The 95% concentration interval (CI) of mean GH levels for 12-h overnight GH profiles was obtained using the method of Rose et al. (19) for comparing mean GH levels. To apply the normal values for data obtained with our GH assay we exchanged samples between our laboratory and Hazleton Washington Laboratories (Vienna, VA). A regression curve was subsequently constructed and the 95% CI of the normal values was recalculated for our assay. The 95% CI for the mean overnight GH level for our assay is 6.5–21.2 (mean 10.5) mU/l for prepubertal boys below 9 years and 6.5–23.3 (mean 10.8) mU/l for prepubertal boys over 9 years. For pubertal boys, the mean overnight GH levels ranged from 11.6 mU/l (Tanner stage 2) to 17.2 mU/l (Tanner stage 4). Mean GH levels are expressed as SDS values for age and Tanner stage using these normal values.

Statistics

The differences between PAH and achieved adult height were tested with the Wilcoxon signed ranks test.

	Results

Top Abstract Introduction Patients and methods Results Discussion References

 
The mean age of the 15 boys was 12.3 years (range 8.5–15.8). The mean duration of SMS treatment was 33 months (range 12–66 months).

Short-term effect

Table 2 shows the HV during the first year of treatment in the boys without androgen treatment. In all but one, HV decreased after the start of treatment. During the first year of SMS treatment, bone maturation was retarded (BA/calendar age (CA) <1) in half of the boys in whom this could be evaluated.
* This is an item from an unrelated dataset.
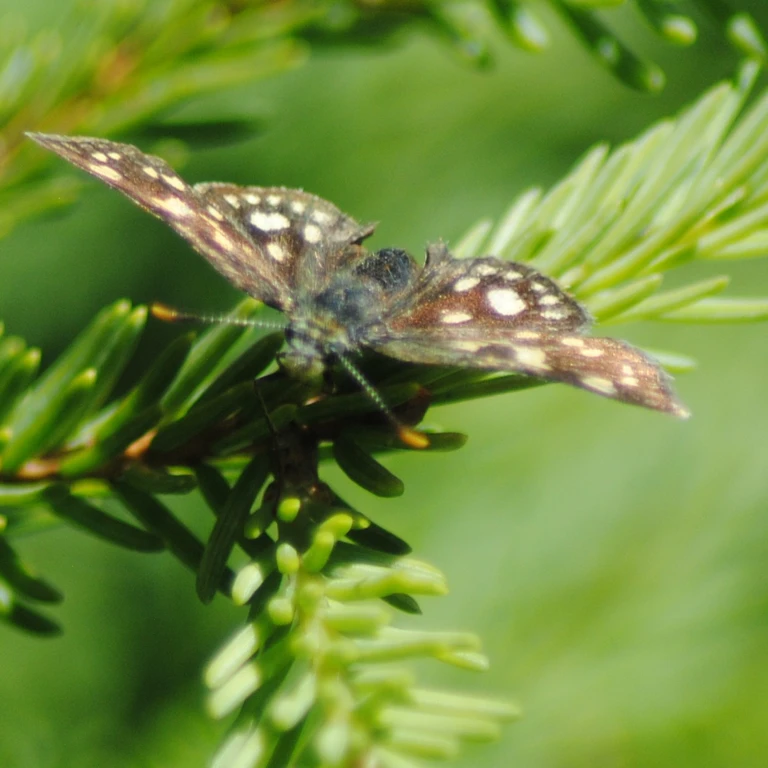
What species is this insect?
Carterocephalus palaemon

Effect of SMS treatment on reduction of final height is shown in Table 3. At final height, the mean effect of treatment (i.e. predicted adult height minus achieved adult height) according to the IPHGP in group 1 was –0.8 cm (range –6.4 to +5.7 cm). The mean change in group 2 was +1.4 cm (range +0.3 to +1.6 cm). According to BP the mean change in group 1 was +4.9 cm (range –0.7 to +10.2 cm) and in group 2 it was +5.4 cm (range +1.2 to +9.7 cm). For all boys together, the mean change according to BP was significant. All patients in group 2 showed a reduction in final height.
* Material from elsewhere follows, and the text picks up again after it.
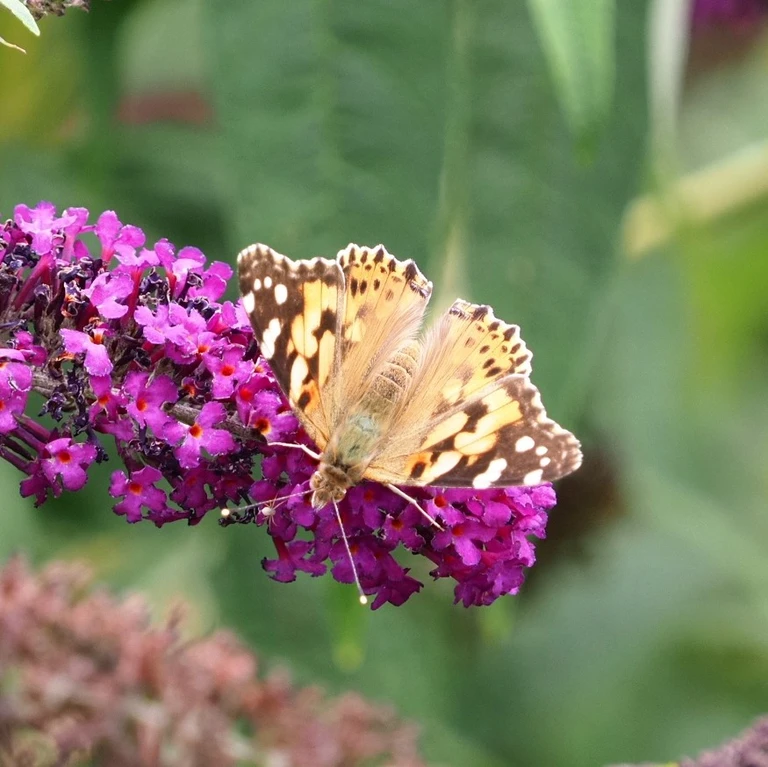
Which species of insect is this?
Vanessa cardui
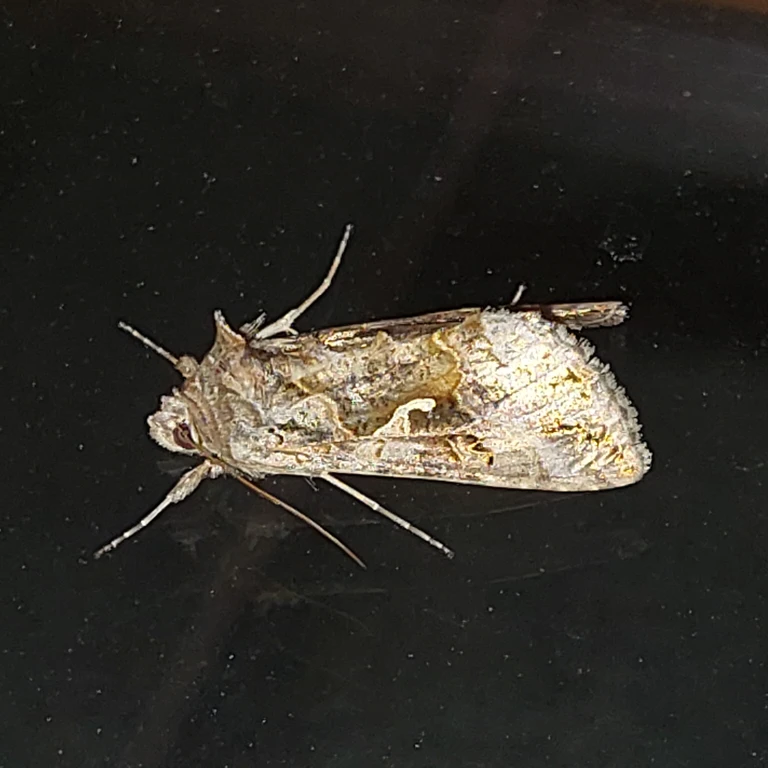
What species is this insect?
Autographa gamma

In the 12-h GH profiles, mean GH level showed a wide range of values with levels clearly in the normal range to levels less than –2 S.D. below the mean for age and Tanner stage. Mean GH level was 9.5 mE/l (range 2.3–20.1) (n = 9) just before the start of SMS treatment and 4.7 mE/l (range 0.2–10.0) (n = 9) during SMS treatment. Mean GH level expressed as SDS values for Tanner stage was –1.2 (range –3.9 to +1.2) before the start of treatment. At the second observation in four boys after 1 day of SMS treatment, mean GH level SDS was –3.3 and in five boys after 3 months (104–115 days) mean GH level SDS was –3.6.
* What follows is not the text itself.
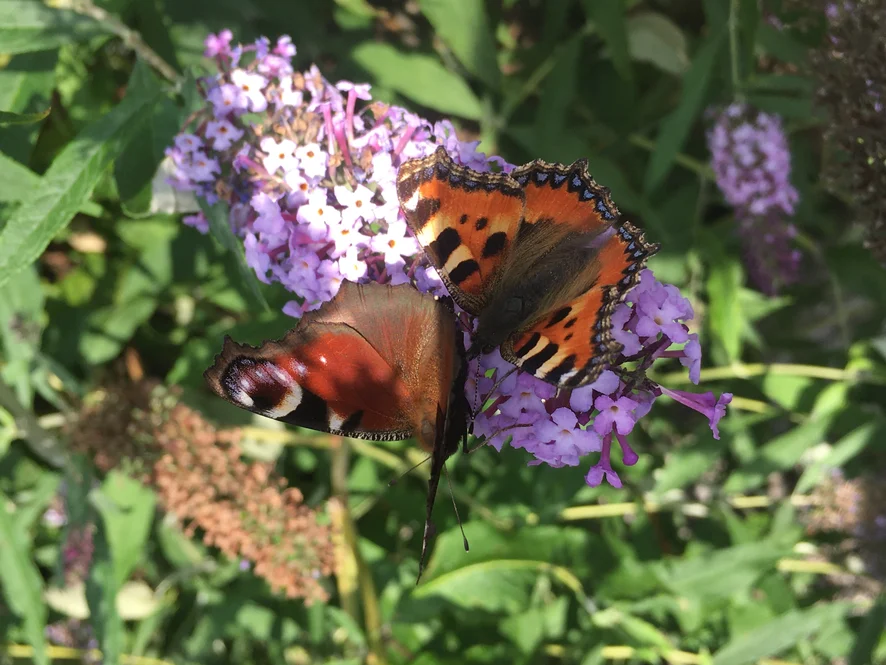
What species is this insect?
Aglais urticae

Mean IGF-I SDS was +0.4 (range –1.1 to +3.9) at the start of treatment. After 6 months the mean IGF-I SDS was –1.1 (range –2.1 to +1.9) and after 24 months of treatment –1.0 (range –2.1 to +2.0). Serum free thyroxine concentration decreased in all but one. Mean free thyroxine level decreased from 12.4 pmol/l to 8.6 pmol/l after 1 year and to 9.9 pmol/l after 2 years of SMS treatment (normal values 8–22 pmol/l). None of the boys developed hypothyroidism during treatment. After discontinuation of SMS treatment free thyroxine returned to pretreatment levels (11.3 pmol/).

Side-effects

SMS was fairly well tolerated, no patient discontinued treatment because of side-effects. Transient diarrhoea was noted as well as initial abdominal discomfort in six of the 15 boys. Asymptomatic microlithiasis of the gall bladder was diagnosed in three boys.

	Discussion

Top Abstract Introduction Patients and methods Results Discussion References

 
These data demonstrate that SMS treatment reduces the HV of tall boys in the first 12 months of treatment, confirming previous reports (11–13). The effect on adult height is less evident. Of course the effect depends upon the method that is used to predict adult height. BP prediction tends to overpredict and IPHGP tends to underpredict but is the most reliable in predicting adult height (7). Taking this into account, the mean effect of our height-reductive treatment in these boys was limited to a few centimetres. As in these boys the mean BA was 13 years the effect was smaller than the effect of ‘conventional’ androgen treatment (7).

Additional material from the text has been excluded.